A major flaw in this model, however, was that it did not explain the periodic properties of the elements first
identified by Russian scientist Dmitri Mendeleev (remember he’s the guy who created the first periodic
table). It also seemed to defy known physical laws, which predicted that electrons should be drawn into the
nucleus. Clearly a better model of atomic structure was needed.
In 1913, a scientist named Neil’s Bohr proposed an improved model of atomic structure, which was successful
in describing the line spectrum of hydrogen, shown below.
The four colors represent different wavelengths of electromagnetic radiation, which are emitted by hydrogen
gas when it is placed in a strong electric field. Bohr interpreted this observation by concluding that hydrogen’s
single electron could exist only at a limited number of distances from the nucleus. Bohr assumed that the
electron revolved around the nucleus in a circular orbit. When the electron absorbed a certain quantity of
energy, it would jump to a higher allowed orbit. These different orbits are also called energy levels. When an
electron is found in the smallest allowed orbit (closest to the nucleus), we say the electron is in the ground state.
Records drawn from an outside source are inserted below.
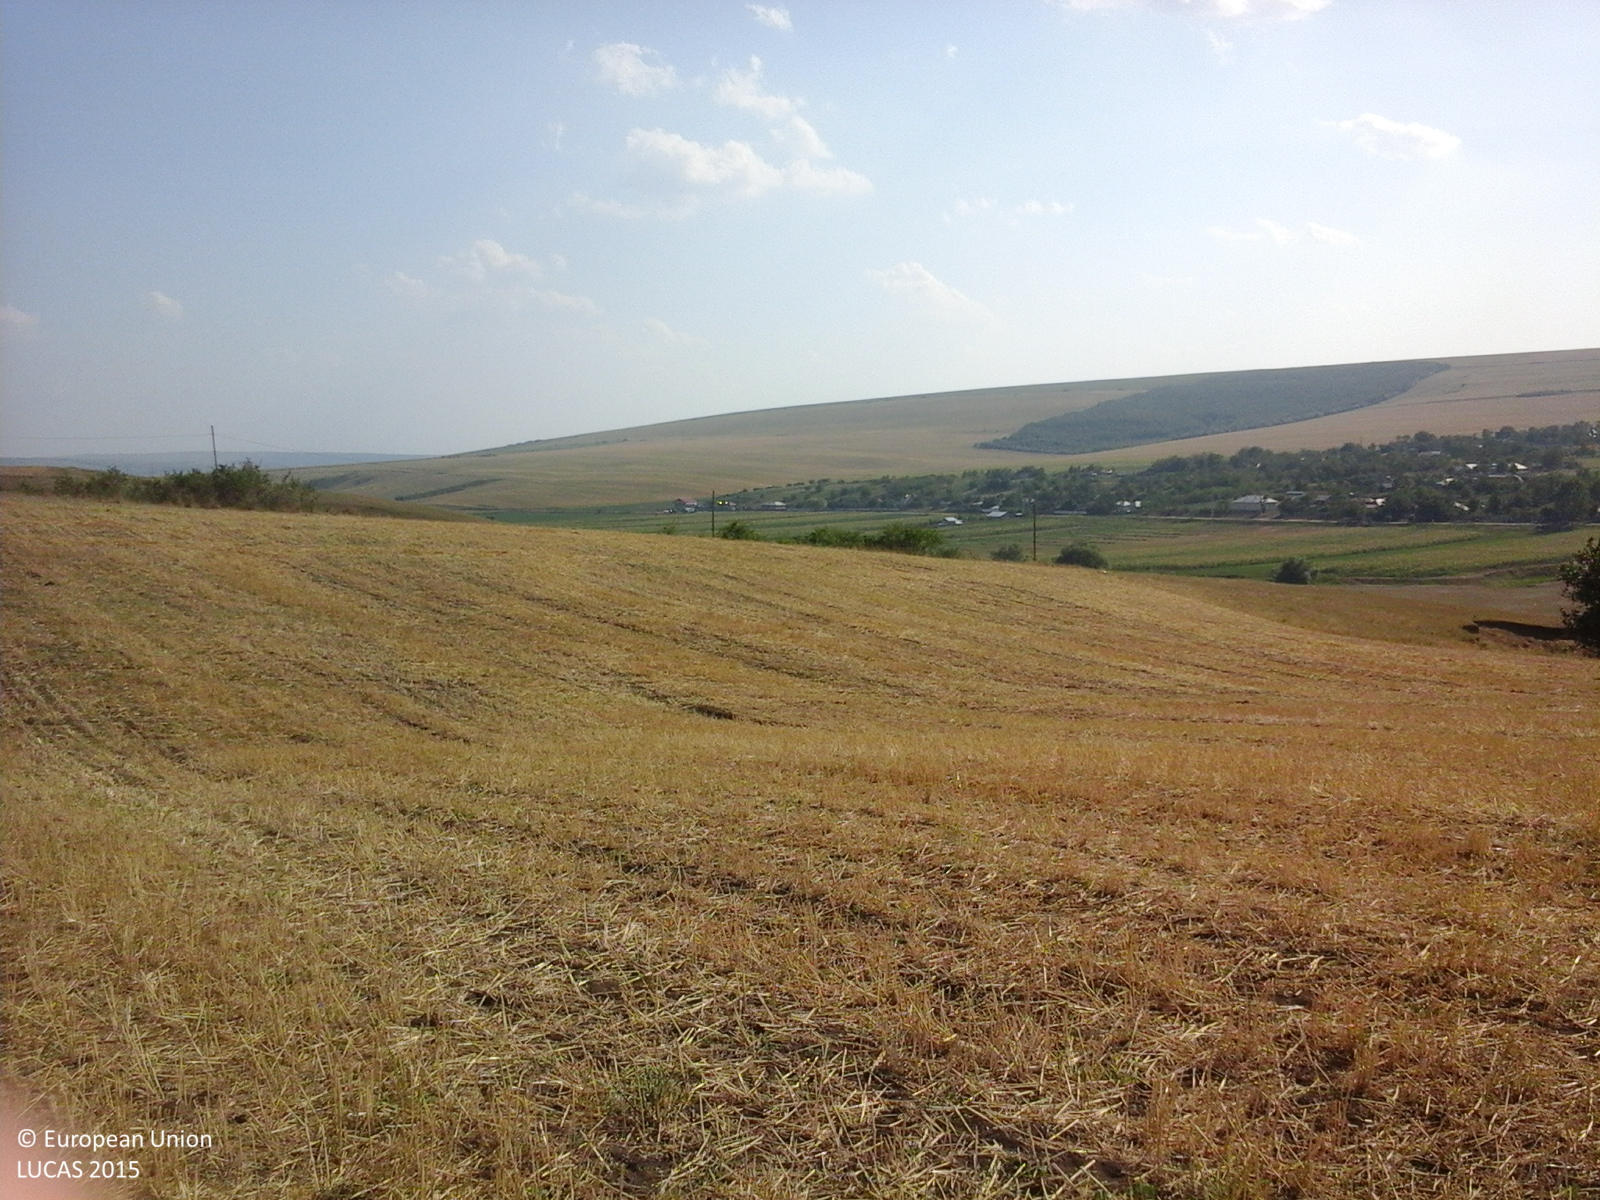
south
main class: Cropland
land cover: Common wheat
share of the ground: < 10 %
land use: Agriculture (excluding fallow land and kitchen gardens)
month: July
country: RO
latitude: 46.3612
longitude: 27.7548

When an electron is found in a higher energy orbit, we say the electron is in an excited state. The colors we see
in hydrogen’s line spectrum occur when an electron relaxes from a higher energy orbit to a lower energy orbit,
emitting energy as photons of light.
Today chemists and physicists recognize that Bohr’s assumption of circular orbits is incorrect. The motion of
electrons in atoms is much more complex than simple circular orbits. Indeed electrons, like light, have a dual
nature exhibiting properties of both particles and of standing waves. For this reason, energy level is a better
word choice than orbit. However we often still adopt this circular orbit assumption because its simplicity makes
the Bohr model of the atom easy to work with.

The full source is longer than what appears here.